Grayscale images taken directly from an executable sample of a mobile app were used by [27]. The feature set is put into a three-layer DNN in order to determine whether the sample under examination is malware and, if so, to which family and iteration it corresponds. The Neural Network was far more basic than our model, which would account for its lower accuracy.
[26] converted the DEX file into RGB images and plain text based on the section characteristics of the DEX file, and then extracted image and text properties to classify the Android malware. A variety of properties were examined in the images, and these results were used to train the classifier. With manual feature extraction and conventional machine learning, it achieved 96%, but it takes a lot of effort.

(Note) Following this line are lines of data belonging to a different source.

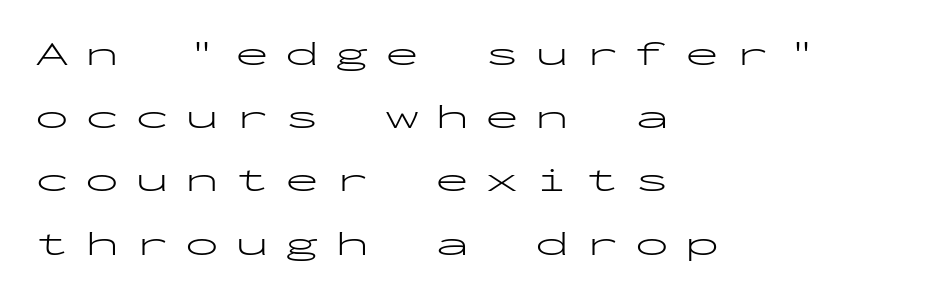
The image shows 34 px light, wide sans-serif type, upright, monospaced; set left-aligned, line spacing 1.86x, unusually wide letter spacing (+0.47 em), not underlined; low stroke contrast and a medium x-height.
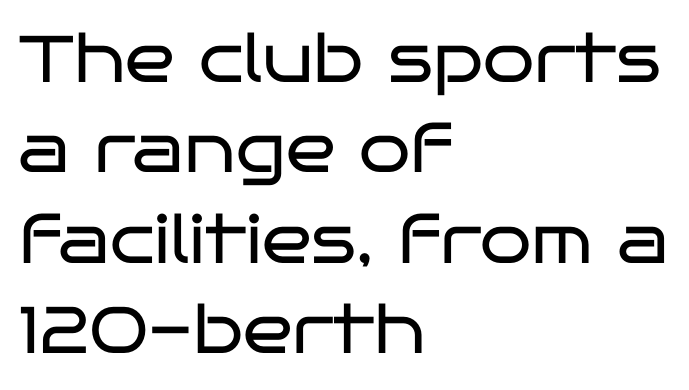
{"serif": "no", "italic": "no", "bold": "no", "weight": "regular", "width": "wide", "stroke_contrast": "low", "x_height": "large", "monospaced": "no", "underline": "no", "align": "left", "line_spacing": "normal", "line_spacing_ratio": 1.37, "letter_spacing": "normal", "letter_spacing_em": 0.0, "glyph_px": 66}
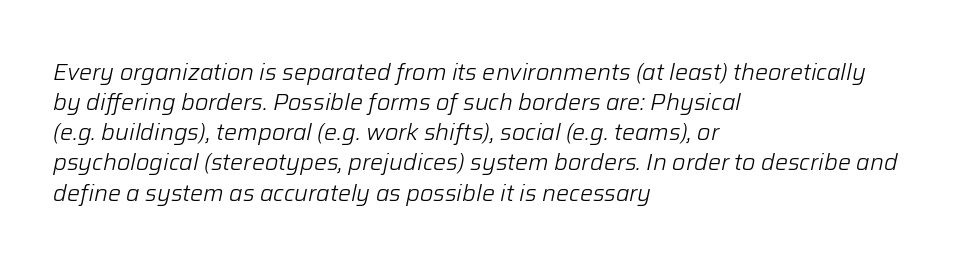
The image shows 23 px text type, italic (leaning right); set left-aligned, normal line spacing (1.31x), normal letter spacing, not underlined.
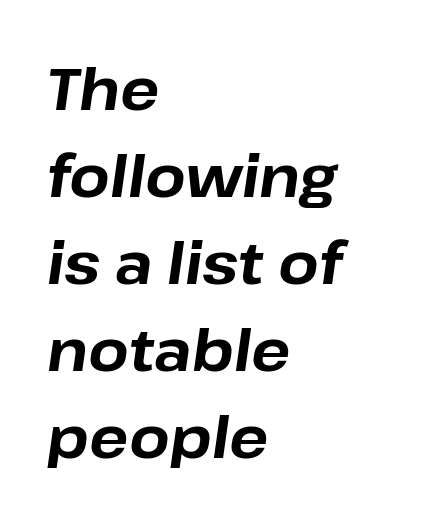
The axis of the letterforms is tilted away from vertical. Strong, thick strokes mark this as bold type. Beneath every word, the page is bare. This rendering uses left alignment, leaving the right contour irregular.
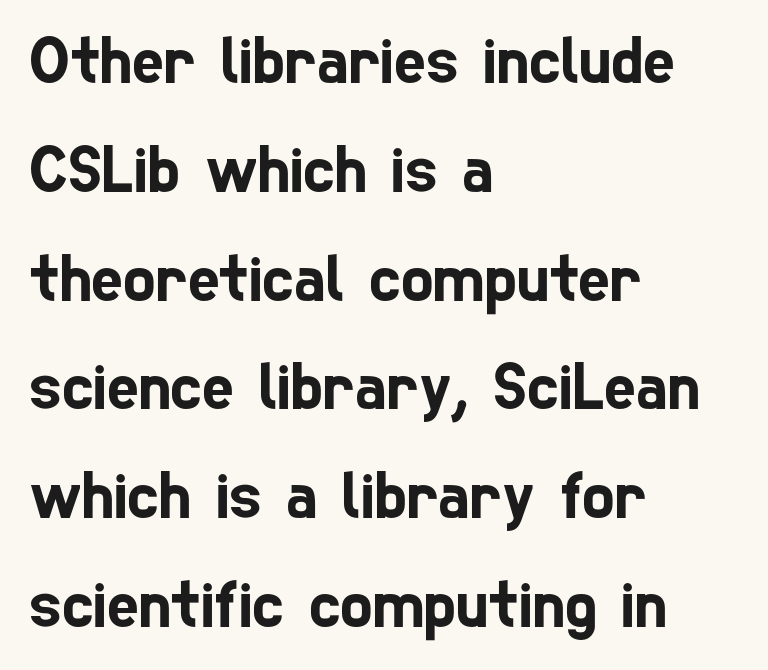
Q: Is the typeface a serif or a sans-serif typeface? A: Sans-serif.
Q: Is the text underlined? A: No.
Q: How is the paragraph aligned? A: Left-aligned.
Q: Is the spacing between letters normal or unusually wide? A: Normal.
Q: Is the spacing between lines tight, normal or loose? A: Normal.
Q: Width (condensed, normal, or wide)? A: Condensed.
Q: Stroke contrast? A: Low.
Q: x-height? A: Medium.
Q: Monospaced? A: No.
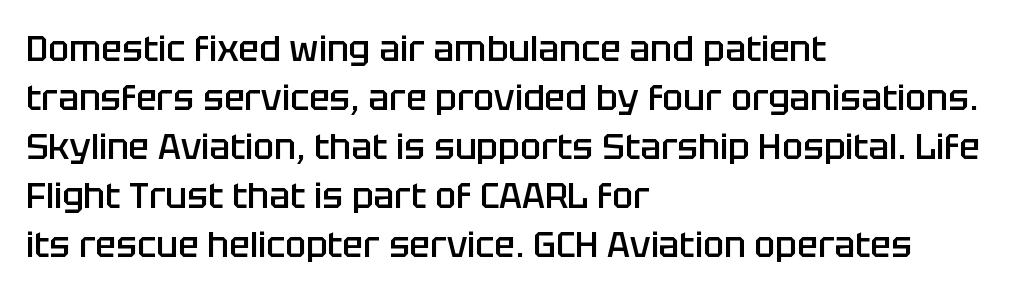
Q: Is the text bold? A: Semi-bold.
Q: Is the text italic (slanted)? A: No, it is upright.
Q: Is the typeface a serif or a sans-serif typeface? A: Sans-serif.
Q: Is the text underlined? A: No.
Q: How is the paragraph aligned? A: Left-aligned.
Q: Is the spacing between letters normal or unusually wide? A: Normal.
Q: Is the spacing between lines tight, normal or loose? A: Normal.
Q: Width (condensed, normal, or wide)? A: Normal.
Q: Stroke contrast? A: Low.
Q: x-height? A: Large.
Q: Monospaced? A: No.
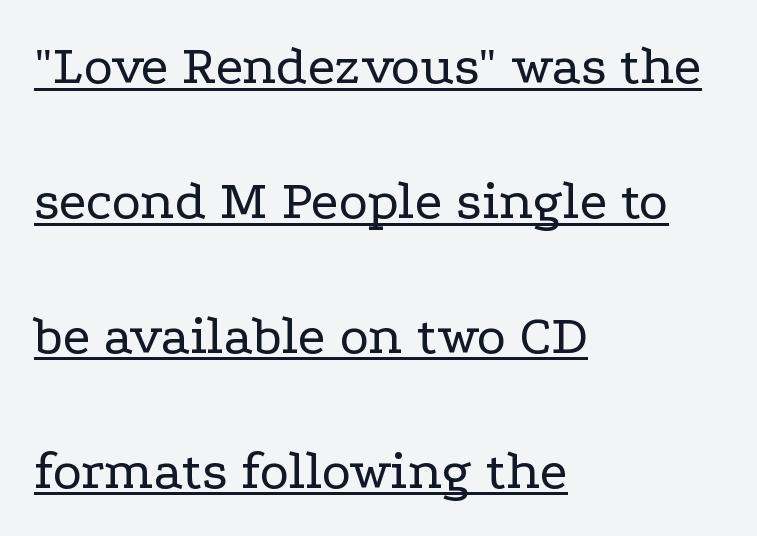
The image shows 56 px regular-weight, wide serif type, upright; set left-aligned, loose line spacing (2.41x), normal letter spacing, underlined; low stroke contrast and a medium x-height.
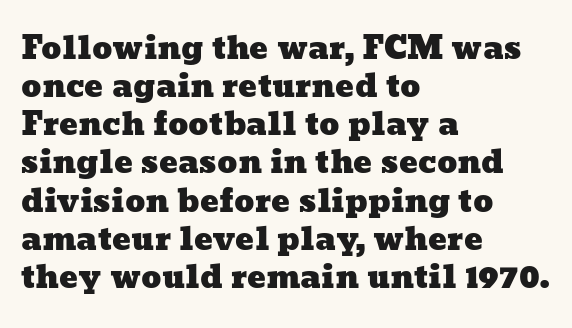
Type without underlining. Notice how the passage keeps a crisp vertical edge on the left only. Think of a printed novel: that variable character pitch is what you see here. Short note: letters normally spaced.

The model's performance is comparable to ours. Similar to our work, [48] converted raw malware binaries into colour images that the optimised CNN architecture utilised to locate and classify malware families.
The findings show that the model can match the performance of a variety of cutting-edge models that determine if a file is benign or malignant using extracted data, such as API calls [49], which were recovered and turned into a sequence [50]. To reduce False positives and False negatives in the prediction, the majority's knowledge of which characteristics contribute to malware's malignant nature or which sequences are present in all malwares has a fundamental error. Combining attention networks with standard CNN can do this [51].
Table 4: Comparison of performance to previous works.
Works
|
Accuracy
|
Hsien-De Huang and Kao (2018) [25]
|
90%
|
Mercaldo and Santone, (2020) [27]
|
91.8%
|
Fang et al, 2020 [26]
|
96%
|
Vasan et al., 2020 [48]
|
97.35%
|
Our model
|
97.81%
|
The presence of harmful files on Android devices must be detectable by antivirus software. To address this issue, ML models were used. We create images by preprocessing both malicious and benign input files (APKs). Although the procedure was more accurate, it was difficult and time-consuming to put into practise. To better understand how a simpler model performed during the malware detection process, we created the CNN. But because the images were made directly from APKs, they were too big, and the feature extraction part could not be handled by the convolutional layers we developed as effectively as the VGG-16 model. Compared to the malignant images, which acquired 99.4%, the benign class has 95.8% accurate predictions.